Again Medicine Man went to hunt, the second time and the third and the fourth time. When he came home in the evening after he had been out the fourth time the boy seemed troubled. They ate and then went to bed. About midnight the boy woke up and thought of his secret brother, and he thought at once that he must tell his father. He woke his father and said: "Father, I have something to tell you, although I was told not to say anything about it to you." Medicine Man paid very close attention. "Father, somebody comes here every time you go out to hunt, and he is not very big; he is about my size. When he first came he frightened me and I started to run, but did not know where to go, and I began to cry and the boy told me not to be afraid of him, for he was my brother. He has a long nose and wears long hair and has a bow and arrows, and we always play around here every time you go out to hunt and he treats me kindly. He seems to see you, no matter where you are, and when you start home he knows when you are coming, and then runs for the woods, and when you get here he is gone." "Well, my boy," said Medicine Man, "we must capture the boy some way.

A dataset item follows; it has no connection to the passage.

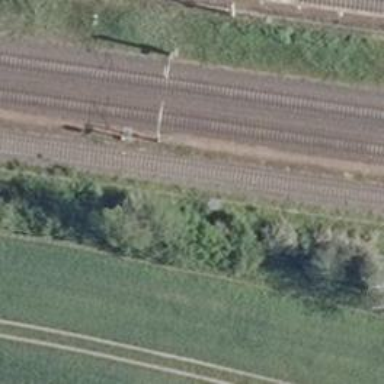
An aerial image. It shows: Railway signal.

You must go out there and play just as if I had gone away again, and whenever he asks you where I am, tell him I am out hunting. I will turn into a very small insect and stay behind the door."
The little boy ran out next morning with the bow and arrows and began to play at the usual place. Finally the other boy came, but before he came near he spoke and asked Medicine Man's boy where their father was, and the boy said that he had gone out hunting again. The boy began to look around, and finally he said: "Who is that man behind the door?" at the same time running back to the woods.
Again the next day the boy went out to play; this time Medicine Man placed himself at the edge of the roof of the grass house. When the boy came he asked his brother where their father was. He answered that he had gone out hunting, but the boy would not come near. He began to look around, and finally he said: "Who is that man under the roof?" and he ran back into the woods again. Then Medicine Man said: "We must catch him some way. When he sits down near to you, tell him that something is crawling in his hair, and then he will let you look in his hair. Then catch hold of a small bunch of his hair and tie it up four times; then call me and I will be there just as soon as I can. You must not let him go until I get there." The little boy understood.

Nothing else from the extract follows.